Extracted records
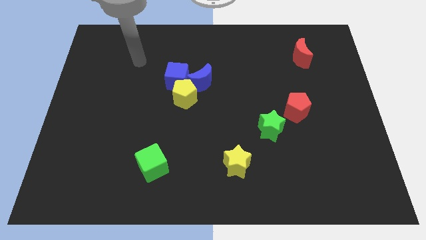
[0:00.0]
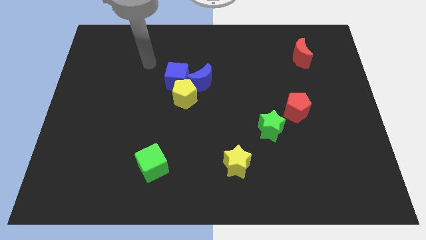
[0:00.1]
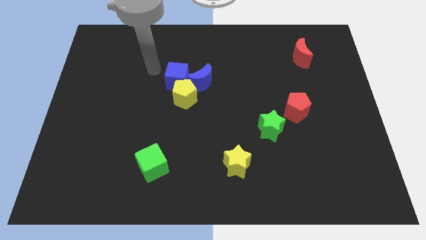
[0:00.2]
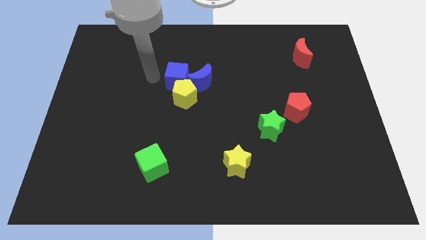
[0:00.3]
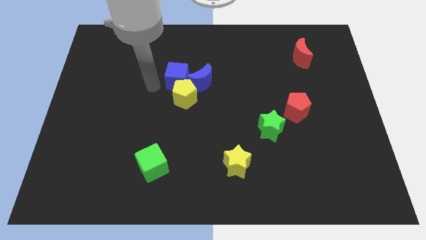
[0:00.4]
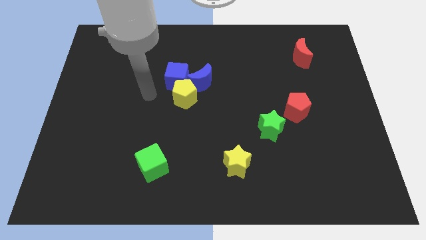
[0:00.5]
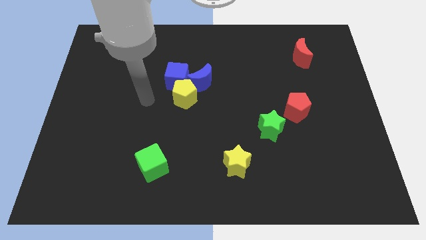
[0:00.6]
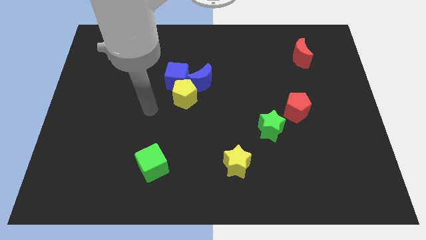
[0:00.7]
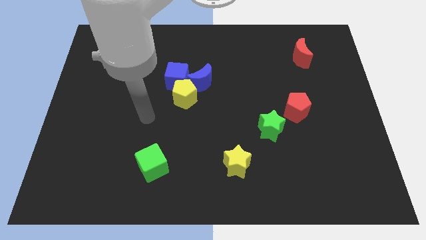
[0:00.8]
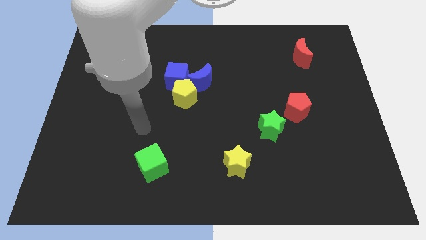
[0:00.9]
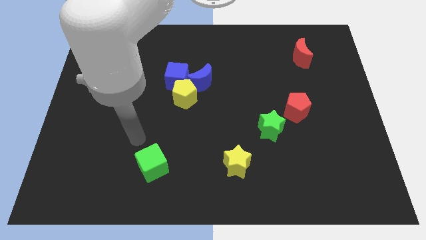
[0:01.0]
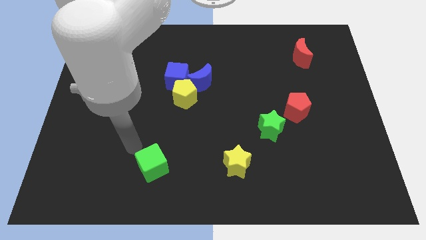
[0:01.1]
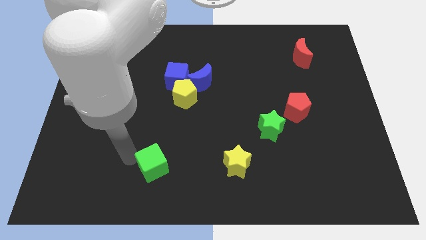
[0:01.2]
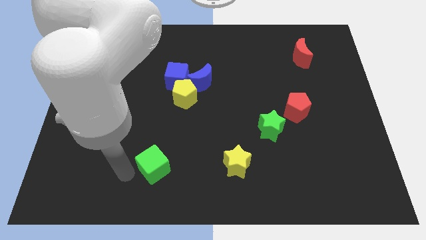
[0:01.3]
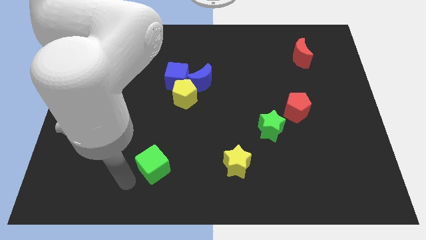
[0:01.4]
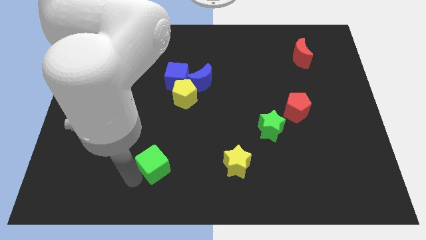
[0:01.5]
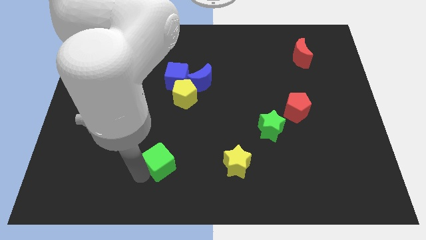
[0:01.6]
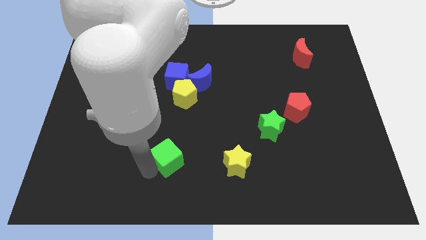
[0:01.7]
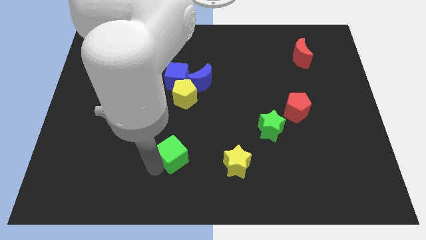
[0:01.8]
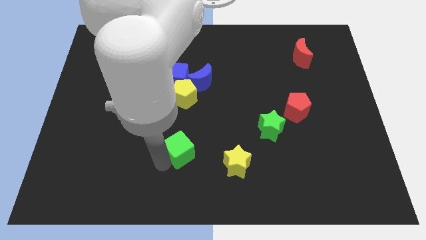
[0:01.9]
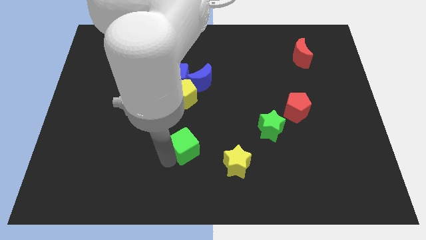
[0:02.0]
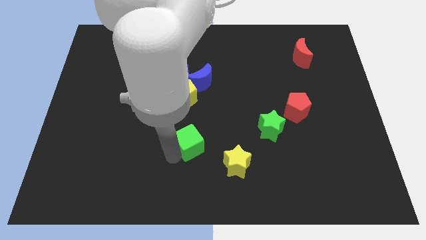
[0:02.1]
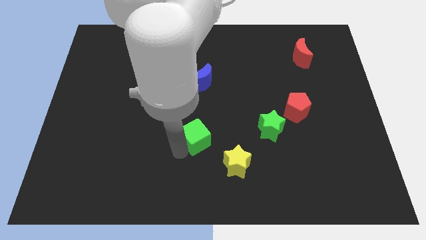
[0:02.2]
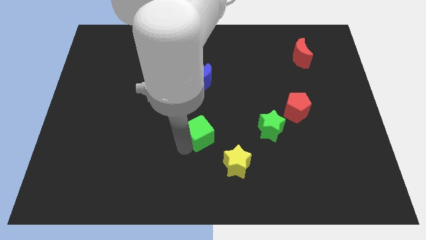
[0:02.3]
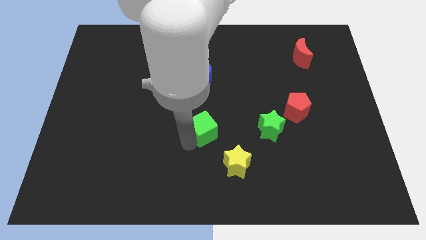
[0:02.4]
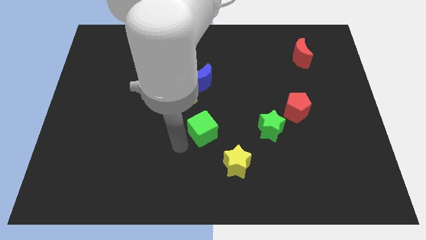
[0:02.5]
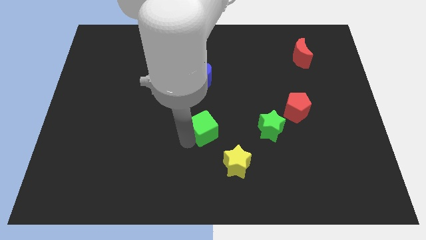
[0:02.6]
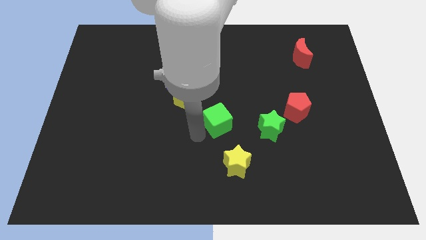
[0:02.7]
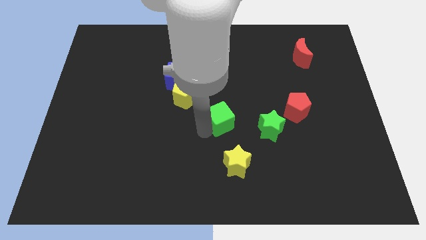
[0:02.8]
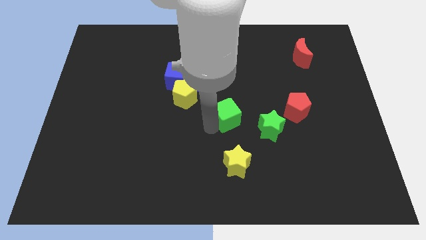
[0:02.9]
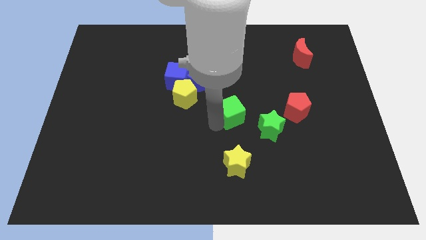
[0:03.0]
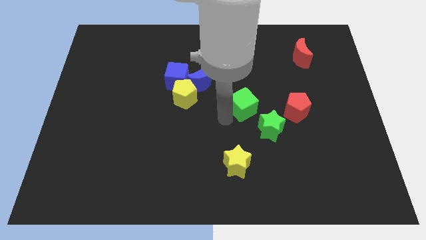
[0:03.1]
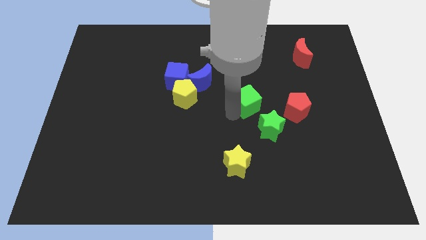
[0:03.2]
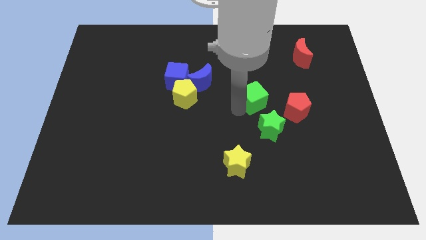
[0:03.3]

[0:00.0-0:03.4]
push the green cube to the top left of the red pentagon

* Problem details:
Before copying the data, remove the pictures. Then repeat the rest exactly.

* Written reply:
[0:00.0]
[0:00.1]
[0:00.2]
[0:00.3]
[0:00.4]
[0:00.5]
[0:00.6]
[0:00.7]
[0:00.8]
[0:00.9]
[0:01.0]
[0:01.1]
[0:01.2]
[0:01.3]
[0:01.4]
[0:01.5]
[0:01.6]
[0:01.7]
[0:01.8]
[0:01.9]
[0:02.0]
[0:02.1]
[0:02.2]
[0:02.3]
[0:02.4]
[0:02.5]
[0:02.6]
[0:02.7]
[0:02.8]
[0:02.9]
[0:03.0]
[0:03.1]
[0:03.2]
[0:03.3]

[0:00.0-0:03.4]
push the green cube to the top left of the red pentagon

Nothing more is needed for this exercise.